Disabled Parking Placards Helping the Able-Bodied Avoid Fees, Walking
About 10 percent of California's population is registered to carry a disabled parking placard, which enables them to park for free, forever, in designated spots. In a state where driving between rooms in your foreclosed house is standard, these placard thingies have become hot items, as you might imagine!
Officials with the California Department of Motor Vehicles tell the L.A. Times that one-third of the cars parked on California streets at any given time are doing so illegally, which is why they're boosting enforcement. The placards, which you get from a doctor, nurse, optometrist, or other kind of medical person, are intended to help people with "missing or paralyzed extremities, impaired vision or heart, circulatory or lung disease" find convenient places to park while they visit said medical persons or "run errands." But now everyone from perfectly sighted yoga teachers with all their extremities intact to Lasiked rich people with their extremities also intact (or enhanced with plastics) are using the cards.

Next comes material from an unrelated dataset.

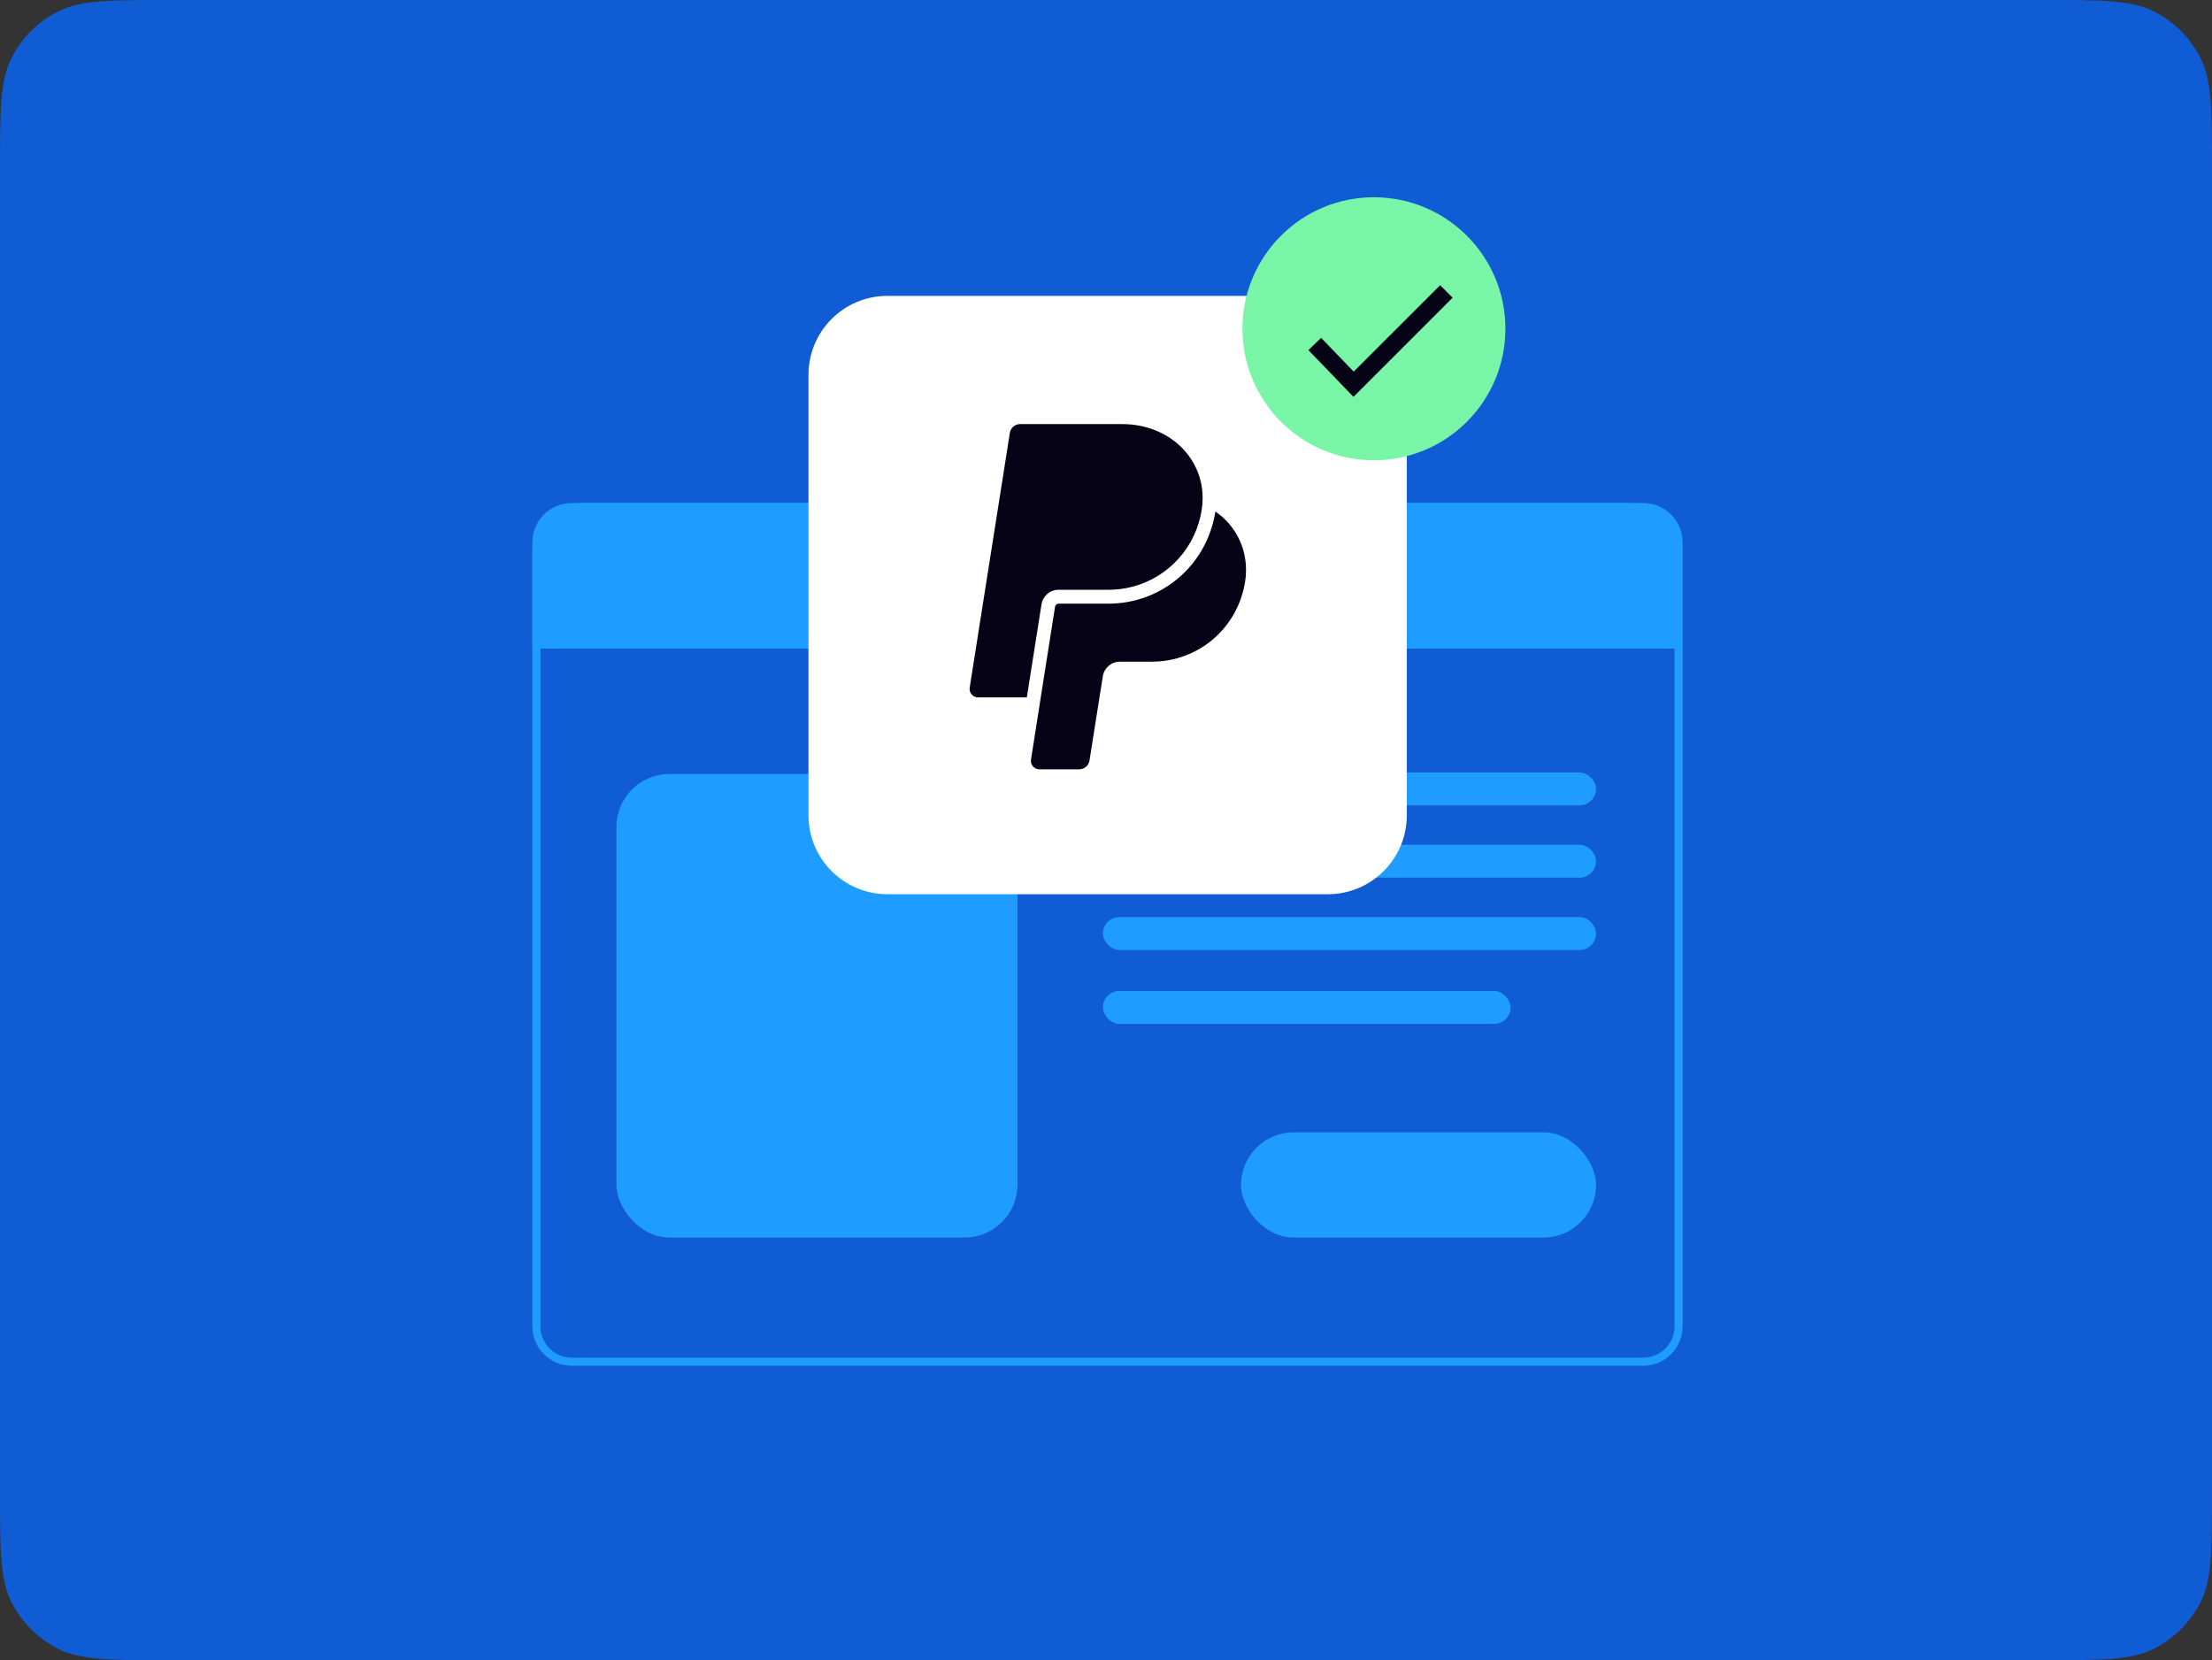 <svg fill="none" height="376" viewBox="0 0 501 376" width="501" xmlns="http://www.w3.org/2000/svg" xmlns:xlink="http://www.w3.org/1999/xlink"><rect x="0" y="0" width="501" height="376" fill="#333333" stroke="none"/><clipPath id="a"><path d="m62.5 0h376v376h-376z"/></clipPath><path d="m0 38.4c0-13.441 0-20.162 2.616-25.296 2.301-4.516 5.973-8.187 10.488-10.488 5.134-2.616 11.854-2.616 25.296-2.616h424.2c13.441 0 20.162 0 25.296 2.616 4.516 2.301 8.187 5.973 10.488 10.488 2.616 5.134 2.616 11.854 2.616 25.296v299.2c0 13.441 0 20.162-2.616 25.296-2.301 4.516-5.972 8.187-10.488 10.488-5.134 2.616-11.855 2.616-25.296 2.616h-424.2c-13.441 0-20.162 0-25.296-2.616-4.516-2.301-8.187-5.972-10.488-10.488-2.616-5.134-2.616-11.855-2.616-25.296z" fill="#105cd4"/><g clip-path="url(#a)"><path d="m0 0h376v376h-376z" fill="#105cd4" transform="translate(62.5)"/><path d="m120.575 122.852c0-4.935 4-8.935 8.935-8.935h242.659c4.935 0 8.935 4 8.935 8.935v177.527c0 4.934-4 8.934-8.935 8.934h-242.659c-4.935 0-8.935-4-8.935-8.934z" fill="#105cd4"/><g fill="#1f9cff"><path clip-rule="evenodd" d="m372.169 115.749h-242.659c-3.923 0-7.103 3.18-7.103 7.103v177.527c0 3.923 3.18 7.103 7.103 7.103h242.659c3.923 0 7.103-3.18 7.103-7.103v-177.527c0-3.923-3.18-7.103-7.103-7.103zm-242.659-1.832c-4.935 0-8.935 4-8.935 8.935v177.527c0 4.934 4 8.934 8.935 8.934h242.659c4.935 0 8.935-4 8.935-8.934v-177.527c0-4.935-4-8.935-8.935-8.935z" fill-rule="evenodd"/><path d="m120.575 125.917c0-6.628 5.373-12 12-12h236.12c6.628 0 12 5.372 12 12v20.973h-260.12z"/><ellipse cx="137.005" cy="130.347" rx="3.521" ry="3.521"/><ellipse cx="153.435" cy="130.347" rx="3.521" ry="3.521"/><ellipse cx="169.864" cy="130.347" rx="3.521" ry="3.521"/><rect height="104.982" rx="12" width="90.836" x="139.614" y="175.294"/><rect height="7.446" rx="3.723" width="111.683" x="249.808" y="174.941"/><rect height="7.446" rx="3.723" width="111.683" x="249.808" y="207.702"/><rect height="7.446" rx="3.723" width="111.683" x="249.808" y="191.322"/><rect height="7.446" rx="3.723" width="92.325" x="249.808" y="224.434"/><rect height="23.826" rx="11.913" width="80.412" x="281.08" y="256.45"/></g><path d="m183.118 84.879c0-9.869 8-17.869 17.869-17.869h99.77c9.869 0 17.87 8 17.87 17.869v99.77c0 9.869-8.001 17.87-17.87 17.87h-99.77c-9.869 0-17.869-8.001-17.869-17.87z" fill="#fff"/><path d="m239.754 133.572h11.262c10.619 0 19.522-7.634 21.167-18.163.125-.751.197-1.538.197-2.325.089-4.362-1.556-8.473-4.631-11.62-3.432-3.486-8.259-5.417-13.604-5.417h-23.115c-1.145 0-2.128.84-2.307 1.984l-9.099 57.708c-.179 1.162.715 2.198 1.877 2.198h11.066l3.325-21.077c.304-1.895 1.931-3.289 3.862-3.289z" fill="#060316"/><path d="m277.563 117.752c-.697-.716-1.484-1.359-2.306-1.931v.107c-1.895 12.049-12.085 20.791-24.26 20.791h-11.262c-.376 0-.715.286-.769.662l-3.146 19.933-.59 3.79-1.717 10.923c-.178 1.162.715 2.199 1.877 2.199h9.064c1.144 0 2.128-.841 2.306-1.967l3.022-19.111c.304-1.895 1.93-3.289 3.861-3.289h7.205c10.619 0 19.522-7.634 21.166-18.163.125-.769.197-1.556.197-2.324.089-4.362-1.555-8.492-4.63-11.62z" fill="#060316"/><path d="m311.181 104.238c16.448 0 29.782-13.334 29.782-29.783s-13.334-29.782-29.782-29.782-29.782 13.334-29.782 29.782 13.334 29.783 29.782 29.783z" fill="#79f5a7"/><path d="m297.782 77.901 8.792 9.117 21.019-21.01" stroke="#060316" stroke-miterlimit="10" stroke-width="4"/></g></svg>

Why not just park somewhere legal? Two reasons: walking is boring/sucks/is hard, and increasing parking fees, which can run up to $4 an hour. A placard, which are apparently easy to get, can help that frugal, busy parker on the go pursue their important activities/teach their classes/do the Lord's bodywork. The only negative consequence seems to be that cities lose millions in revenue. Oh, and actually-disabled people miss out on what they're entitled to, and have to spend extra time looking for spots. That doesn't seem quite right, either.